The courthouse at Santa Barbara

STEVE ADAMS is touring California in a motorhome for a feature that will appear in Camping & Caravanning magazine later this year. Here’s his latest report from the road.

Without wanting to cast aspersions or tempt fate, if you’re ever going to get into trouble with the law, Santa Barbara is the place to do it. The courthouse, built in 1929 in Spanish Moorish style and featuring a ridiculously ornate staircase and an 85-foot clocktower, is so beautiful you’ll forget your freedom is on the line.

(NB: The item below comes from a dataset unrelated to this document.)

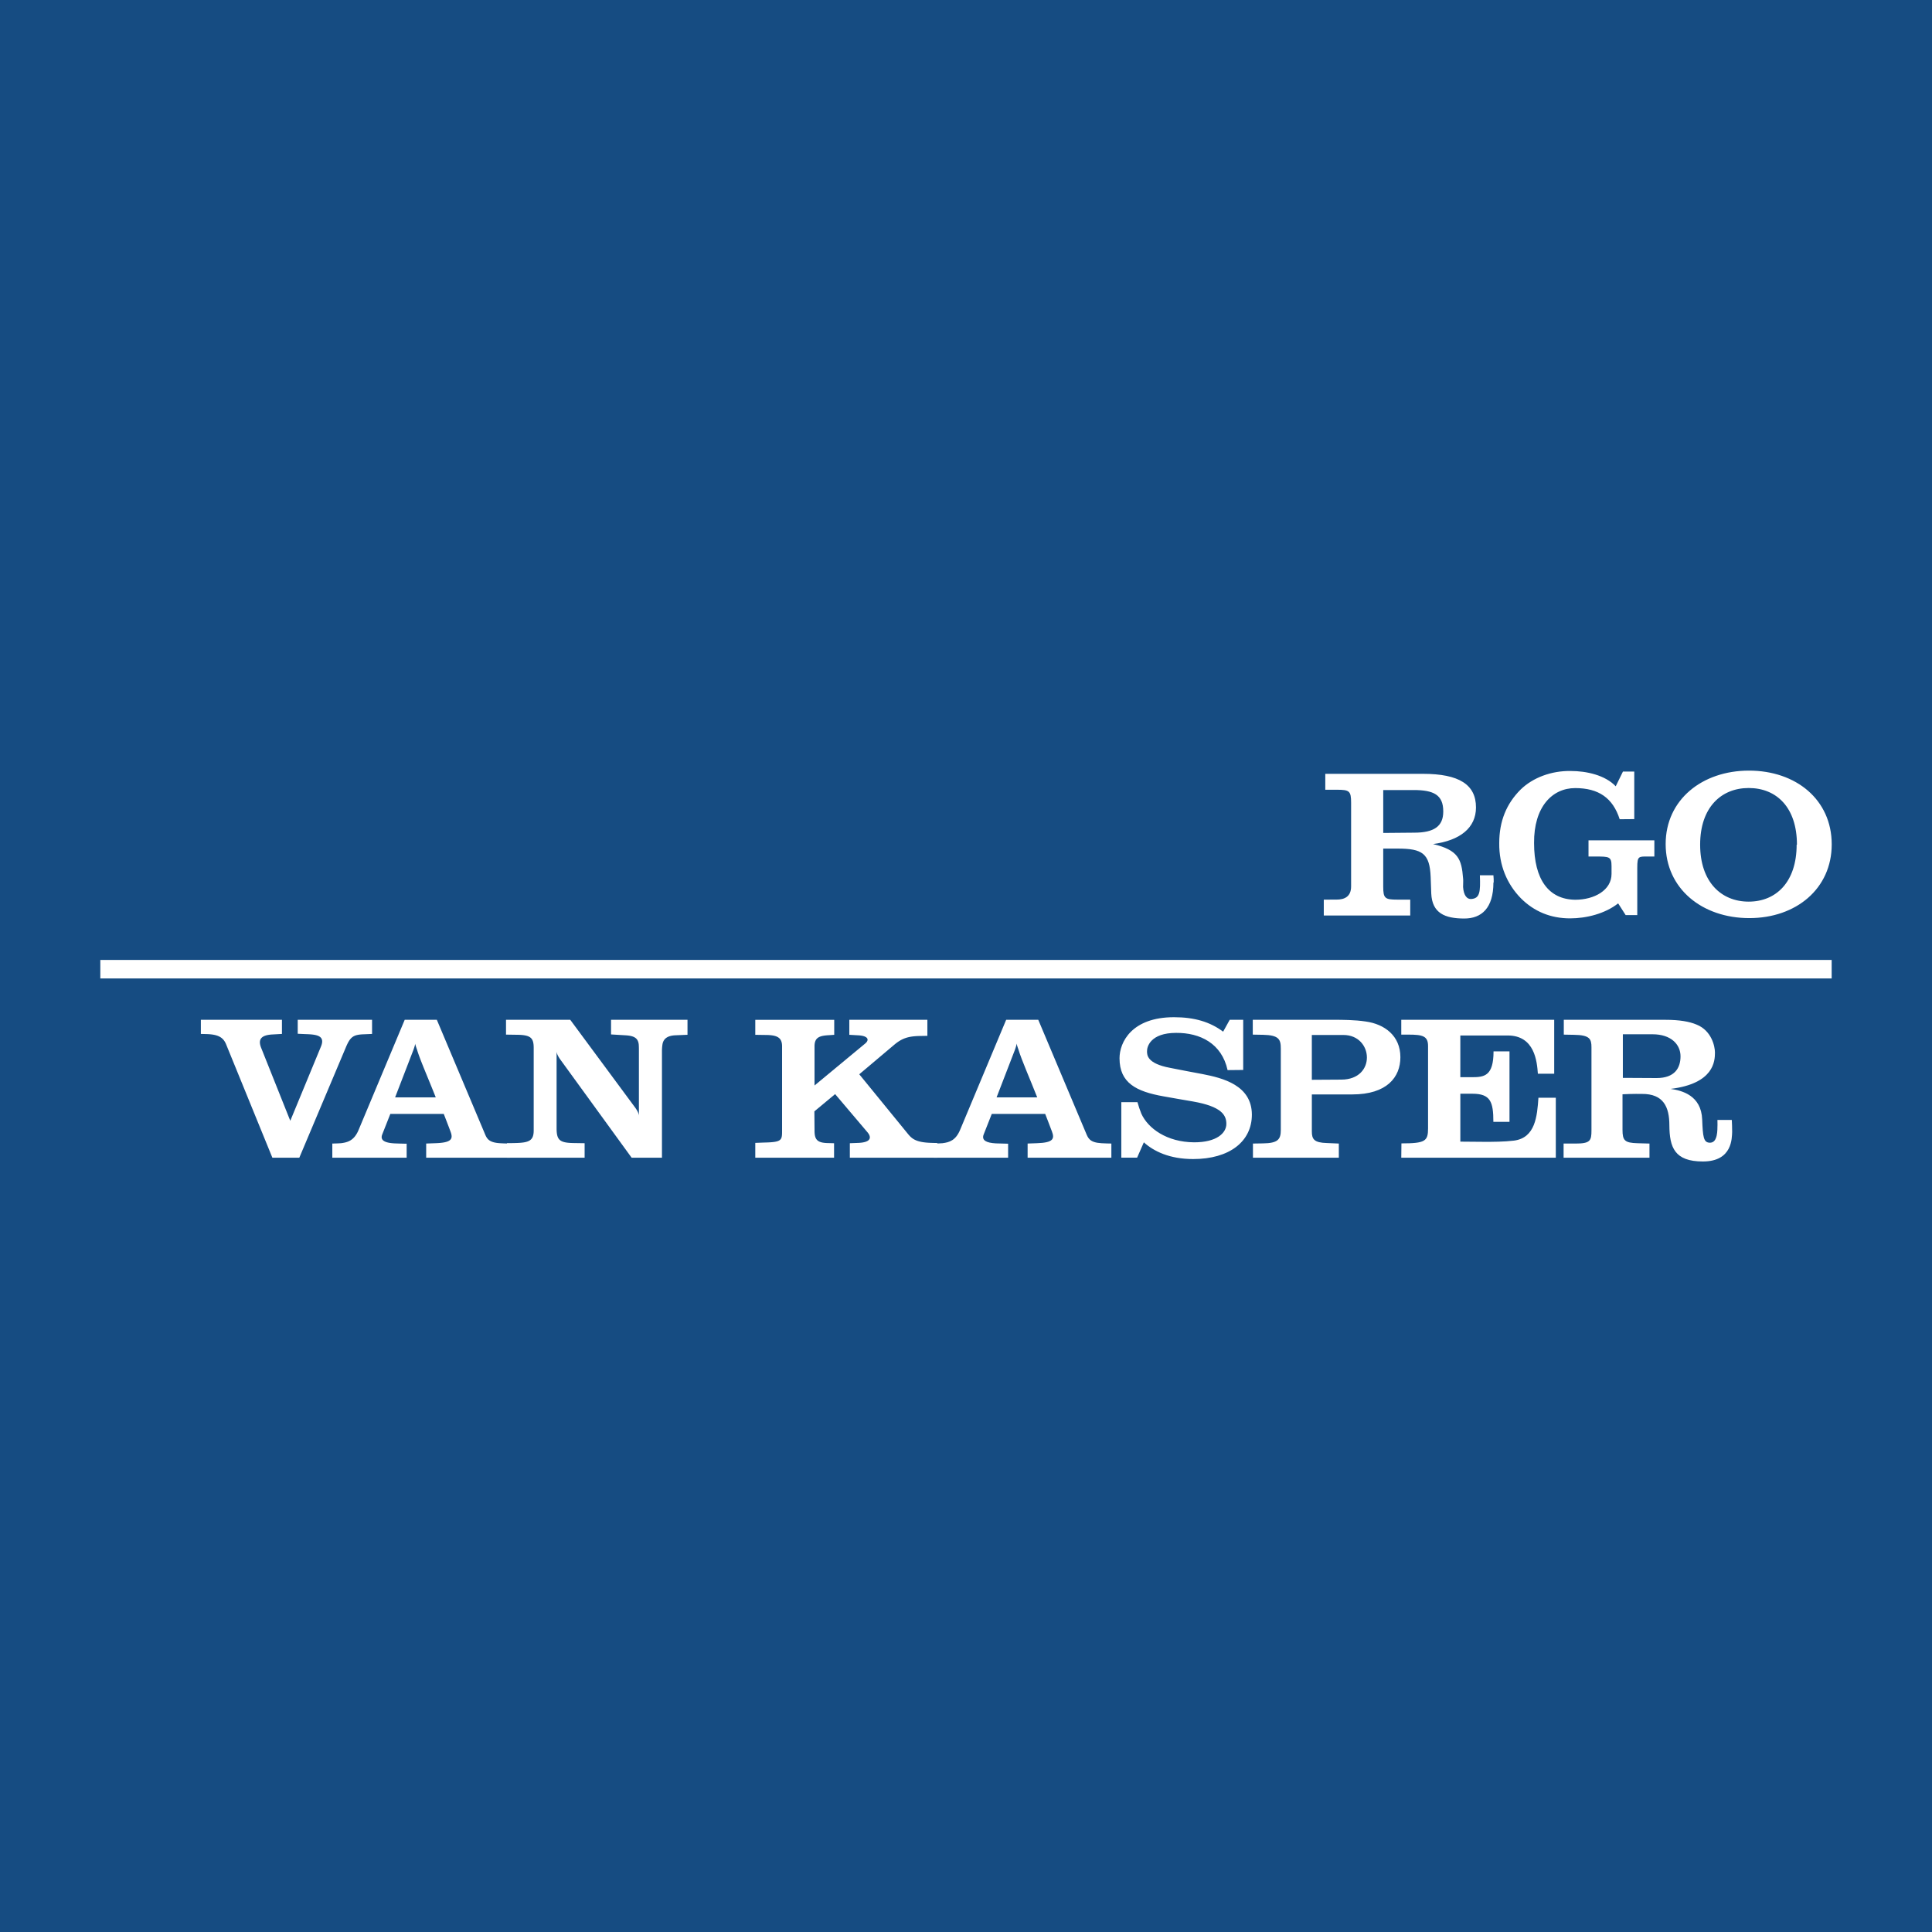 <svg xmlns="http://www.w3.org/2000/svg" width="2500" height="2500" viewBox="0 0 192.756 192.756"><path fill-rule="evenodd" clip-rule="evenodd" fill="#164c82" d="M0 0h192.756v192.756H0V0z"/><path d="M66.397 91.342v-1.588h.216c1.227 0 1.765-.12 1.765-1.318l-.029-8.326c0-1.198-.569-1.319-1.767-1.319h-.9v-1.586h8.537v1.586l-1.019.031c-1.377 0-1.618.119-1.618 1.288v9.555h3.443c1.679 0 2.668-.209 3.118-1.05.418-.748.599-1.597.599-2.975h1.647v5.702H66.397zm-15.832 0v-1.588h.809c1.227 0 1.769-.12 1.769-1.318l-.03-8.326c0-1.198-.721-1.319-1.919-1.319h-.748v-1.586h8.537v1.586l-1.02.031c-1.377 0-1.616.119-1.616 1.288v9.555h3.444c1.677 0 2.666-.209 3.114-1.05.42-.748.601-1.597.601-2.975h1.646v5.702H50.565zm-16.79 0v-1.588l.839-.031c1.228 0 1.916-.119 1.916-1.287V80.08c0-1.168-.688-1.289-1.916-1.289h-.839v-1.586h15.274v5.481h-1.617c-.091-3.295-.868-3.803-3.743-3.803h-3.954v4.191h1.018c1.798 0 2.038-.598 2.188-2.725h1.617v7.158h-1.646c-.12-2.426-.36-2.754-2.127-2.754h-1.048v4.913h4.553c2.576 0 3.196-1.209 3.413-4.017h1.617v5.694H33.775v-.001zm.61-12.551c-1.167 0-1.557.45-2.037 1.738l-4.043 10.813h-2.546l-3.234-7.848-3.084 7.848h-2.637L12.58 80.709c-.479-1.228-1.198-1.918-2.247-1.918h-.328v-1.586h7.188v1.586h-.689c-.809 0-1.168.209-1.138.659 0 .091-.03.242.059.451 0 0 1.644 3.876 2.948 7.705.138.024.199.021.199.021l2.814-7.068c-.12-1.169-.509-1.768-1.737-1.768h-.959v-1.586h7.58v1.586h-1.2c-.72 0-.989.15-.989.57 0 .18.029.389.119.6 0 0 1.703 4.107 2.946 7.688.165 0 .169.009.169.009l2.725-7.159c.181-.48.181-.837.181-1.078 0-.45-.39-.63-1.198-.63h-.989v-1.586h6.889v1.586h-.538zM94.872 87.209c0 3.234-2.547 4.4-6.32 4.4-2.277 0-4.464-1.287-4.943-1.735l-.477 1.479h-1.438v-5.695h1.647c.448 2.719 2.267 3.892 4.87 4.011 2.226.099 3.819-.496 3.995-2.041.203-1.788-1.766-1.677-3.414-1.977l-2.425-.449c-3.624-.628-4.794-1.679-4.882-4.043-.092-2.577 2.247-4.254 5.39-4.283 1.528 0 3.504.238 5.033 1.466l.718-1.168h1.258v4.938h-1.588c-.349-2.742-3.054-3.578-5.36-3.517-1.679.059-2.785 1.018-2.785 2.155 0 1.062 1.05 1.2 2.383 1.436l2.966.509c3.025.509 5.373 1.128 5.373 4.483v.031h-.001zM116.314 82.666c0-1.088-.18-2.046-.568-2.827-.479-.837-1.469-.958-3.143-.958h-3.539v4.223h1.111c1.797 0 2.066-.328 2.066-2.516h1.314v7.069l-1.344-.03c-.029-2.365-.27-2.846-2.037-2.846h-1.111v3.685c0 1.167.182 1.289 1.41 1.289h1.65v1.587h-8.719v-1.587l.809-.03c1.23 0 1.648-.121 1.648-1.289V80.08c0-1.168-.418-1.287-1.648-1.287h-.809v-1.588h14.525v5.461h-1.615zM124.689 91.343v-1.588h1.525c.809 0 1.199-.088 1.199-.568 0-.18-.09-.419-.209-.689l-.6-1.646h-5.51l-.721 1.767c-.117.269-.178.478-.178.659 0 .448.387.478 1.137.478h1.467v1.588h-7.367v-1.588h.645c1.107 0 1.439-.39 1.857-1.377l4.73-11.172h3.471l4.521 11.172c.418 1.079.875 1.377 1.676 1.377h.682v1.588h-8.325v-.001zm-.779-11.592l-2.127 5.423h4.285l-2.158-5.423z" fill-rule="evenodd" clip-rule="evenodd" fill="#fff" fill-opacity="0"/><path d="M148.998 88.048c0 2.574-1.199 3.593-2.904 3.593-1.949 0-3.205-.54-3.297-2.485l-.059-1.648c-.09-2.366-.838-2.844-3.295-2.844h-1.438v3.803c0 1.167.18 1.289 1.408 1.289h1.287v1.587h-8.625v-1.587l1.252-.002c.809.004 1.473-.288 1.473-1.316V80.08c0-1.168-.18-1.287-1.408-1.287h-1.168v-1.588h9.734c3.625 0 5.301 1.077 5.301 3.354 0 2.036-1.586 3.296-4.283 3.654 2.518.599 2.846 1.498 2.996 3.415.029.179 0 .569 0 .868.059.841.389 1.229.809 1.198.867-.06.93-.689.867-2.366h1.35c.029.24.029.479.029.72h-.029zm-5.004-7.1c0-1.647-.955-2.126-2.963-2.126h-3.025v4.282l3.086-.028c1.975 0 2.902-.63 2.902-2.097v-.031zM161.596 81.735c-.682-2.123-2.104-3.107-4.438-3.107-2.305 0-4.133 1.888-4.104 5.481 0 3.653 1.467 5.629 4.104 5.659 1.918 0 3.625-.957 3.625-2.574v-.778c0-.96-.24-.96-1.588-.96h-.709v-1.617h6.57v1.617h-.539c-1.018 0-1.166-.091-1.166 1.108v4.734h-1.16l-.748-1.169c-1.289 1.018-3.146 1.497-4.793 1.497-1.947 0-3.596-.688-4.912-2.006-1.379-1.406-2.186-3.295-2.158-5.51 0-2.186.721-3.925 2.129-5.333 1.229-1.199 3.084-1.886 5-1.855 1.588 0 3.445.418 4.492 1.527l.721-1.47h1.129v4.744l-1.455.012zM174.529 91.6c-4.697 0-8.346-2.931-8.346-7.389 0-4.425 3.648-7.327 8.312-7.327 4.697 0 8.256 2.901 8.256 7.358.001 4.427-3.558 7.358-8.222 7.358zm4.752-7.328c0-3.709-2.031-5.652-4.814-5.652-2.752 0-4.844 1.943-4.844 5.652 0 3.71 2.092 5.684 4.844 5.684 2.75 0 4.785-1.974 4.785-5.684h.029z" fill-rule="evenodd" clip-rule="evenodd" fill="#fff"/><path fill="none" stroke="#fff" stroke-width="1.847" stroke-miterlimit="2.613" d="M182.746 96.697H10.009"/><path d="M30.482 103.174l-.778-.035v-1.393h7.417v1.41l-.78.033c-1.098.035-1.397.242-1.859 1.361l-4.619 10.953h-2.689l-4.603-11.281c-.284-.723-.796-.998-1.859-1.049l-.672-.018v-1.41h8.089v1.41l-.902.051c-1.134.053-1.524.449-1.169 1.344l2.903 7.271 3.063-7.412c.441-1.081-.409-1.202-1.542-1.235zM43.475 109.484h-4.054l1.824-4.73s.177-.48.177-.635c.017.154.194.635.194.635.266.914 1.133 2.891 1.859 4.73zm-3.097-7.738l-4.586 10.953c-.441 1.084-1.079 1.273-1.77 1.359a15.02 15.02 0 0 1-.867.033v1.412h7.417v-1.395c-.229 0-.885-.018-1.221-.033-.974-.053-1.434-.311-1.221-.877l.814-2.064h5.329s.477 1.221.672 1.754c.283.74.124 1.119-1.505 1.17l-.92.033v1.412h8.355v-1.412c-.229 0-.743-.016-.99-.033-1.17-.068-1.329-.5-1.541-1.016l-4.761-11.297h-3.205v.001z" fill-rule="evenodd" clip-rule="evenodd" fill="#fff"/><path d="M66.044 115.504h-3.027l-7.133-9.82s-.353-.48-.353-.789v7.65c0 1.152.264 1.463 1.61 1.496l1.187.018v1.445h-7.754v-1.445l.849-.018c1.345-.033 1.824-.225 1.824-1.256v-8.219c0-.98-.266-1.289-1.541-1.324l-1.221-.018v-1.479h6.408l6.497 8.787s.354.48.354.791v-6.414c0-.223 0-.48-.017-.705-.072-.602-.409-.859-1.329-.912l-1.434-.086v-1.461h7.628v1.496l-1.221.051c-.689.035-1.167.275-1.275.895a4.53 4.53 0 0 0-.052.756v10.561zM92.525 103.346l-.866.016c-1.046.037-1.665.225-2.425.861l-3.506 2.957 4.815 5.898c.408.5.779.895 2.337.945l.637.018v1.463h-8.728v-1.445l.904-.035c1.256-.068 1.256-.584.85-1.064l-3.223-3.801-2.069 1.721.016 1.926c0 .857.248 1.203 1.257 1.236l.691.018v1.445h-7.86v-1.48l.868-.033c1.787-.035 1.805-.225 1.805-1.186v-8.41c0-.842-.443-1.102-1.47-1.135l-1.203-.018v-1.496h7.876v1.496l-.495.035c-1.009.051-1.47.24-1.47 1.117v3.904l5.047-4.18c.459-.379.299-.773-.691-.826l-.885-.051v-1.496h7.788v1.6z" fill-rule="evenodd" clip-rule="evenodd" fill="#fff"/><path d="M103.484 109.484H99.43l1.824-4.73s.176-.48.176-.635c.018.154.195.635.195.635.266.914 1.133 2.891 1.859 4.73zm-3.099-7.738l-4.584 10.953c-.443 1.084-1.081 1.273-1.77 1.359-.23.018-.673.033-.868.033v1.412h7.417v-1.395c-.23 0-.887-.018-1.223-.033-.973-.053-1.432-.311-1.221-.877l.814-2.064h5.328s.479 1.221.674 1.754c.283.74.123 1.119-1.506 1.17l-.92.033v1.412h8.355v-1.412c-.23 0-.744-.016-.992-.033-1.168-.068-1.326-.5-1.541-1.016l-4.76-11.297h-3.203v.001zM119.025 109.896c-.391-.068-2.318-.395-2.955-.516-2.691-.48-4.375-1.324-4.375-3.799 0-1.602 1.223-4.094 5.436-4.094 2.035 0 3.592.465 4.902 1.443l.656-1.186h1.346v5.006l-1.559.016c-.584-2.666-2.744-3.732-5.135-3.715-2.566 0-2.92 1.393-2.902 1.842 0 .359 0 1.219 2.303 1.648.938.189 2.389.465 3.238.621 2.035.395 4.904 1.117 4.92 4.039 0 2.684-2.23 4.438-5.859 4.438-2.354 0-3.93-.773-4.92-1.668l-.672 1.531h-1.576v-5.539h1.611c.09.344.248.809.389 1.152.656 1.445 2.514 2.838 5.273 2.855 2.25 0 3.207-.93 3.207-1.84.001-.874-.478-1.734-3.328-2.234zM134.033 103.26c3.01 0 3.311 4.453-.213 4.453l-2.938.018v-4.471h3.151zm.885 5.931c3.455 0 4.799-1.719 4.799-3.713 0-2.15-1.592-3.303-3.451-3.561-1.115-.172-2.408-.172-3.117-.172h-8.16v1.479l1.027.018c1.592.035 1.77.463 1.77 1.375v8.115c0 .947-.283 1.326-1.787 1.344l-.992.016v1.412h8.568v-1.412l-1.186-.051c-1.275-.033-1.506-.379-1.506-1.152v-3.697h4.035v-.001zM155.223 109.52v5.984h-15.418l.016-1.428c2.375 0 2.656-.223 2.656-1.496v-8.221c0-.998-.547-1.135-1.965-1.135h-.707v-1.479h15.258v5.383h-1.629c-.088-1.223-.316-3.818-3.01-3.818h-4.727v4.162h1.17c1.221 0 2.143-.121 2.143-2.578h1.592v7.033h-1.609c0-1.996-.285-2.805-2.09-2.805h-1.205v4.779l2.426.02c.779 0 1.93 0 2.922-.121 2.141-.275 2.318-2.443 2.443-4.281h1.734v.001zM164.869 103.189c1.857 0 2.797 1.016 2.797 2.201 0 1.17-.584 2.168-2.389 2.168l-3.365-.018v-4.352h2.957v.001zm-1.06 5.952c2.158-.018 2.744 1.307 2.744 3.129.016 2.201.512 3.611 3.344 3.611 2.975 0 2.885-2.373 2.92-2.939 0-.396-.018-.93-.035-1.205h-1.434c.018.361 0 .689 0 .689 0 .326-.018.809-.158 1.133-.107.295-.32.449-.586.449-.654 0-.707-.586-.777-2.307-.088-2.424-2.035-2.904-3.15-3.061 4.336-.533 4.424-2.785 4.424-3.629 0-.617-.336-2.182-1.822-2.783-.727-.311-1.734-.482-3.115-.482H156.02v1.479l.99.018c1.611.018 1.771.414 1.771 1.256v8.27c0 1.033-.107 1.324-1.596 1.324H156v1.412h8.568v-1.412l-1.188-.033c-1.291-.035-1.502-.275-1.502-1.342v-3.541c.991-.054 1.931-.036 1.931-.036z" fill-rule="evenodd" clip-rule="evenodd" fill="#fff"/></svg>

My visit was purely of a touristic nature – we made excellent time on our six-hour drive from Yosemite the previous day but no laws were broken – and came at the end of a fairly relaxed Good Friday, which also happened to be my birthday. The lovely Debbie, manageress of Santa Barbara Sunrise RV Park, presented me with some celebratory cookies to commemorate the occasion, but please note her generous gesture has no bearing on my recommendation of the site if you’re ever visiting the area. It’s not exactly picturesque, but the facilities are excellent and the location ideal for a walk to the beach or downtown area, and there’s also a nearby bus stop for the latter (the set rate fare for any destination is just $1.75 for adults and children ride free). The site might be a little close to the freeway for some but we barely noticed the noise and got our best night’s sleep as well as our first lie-in of the holiday so far. The previous day’s driving, followed by a night out at Soho, one of Santa Barbara’s best live music venues, clearly tipped us over the edge in terms of sleep deprivation.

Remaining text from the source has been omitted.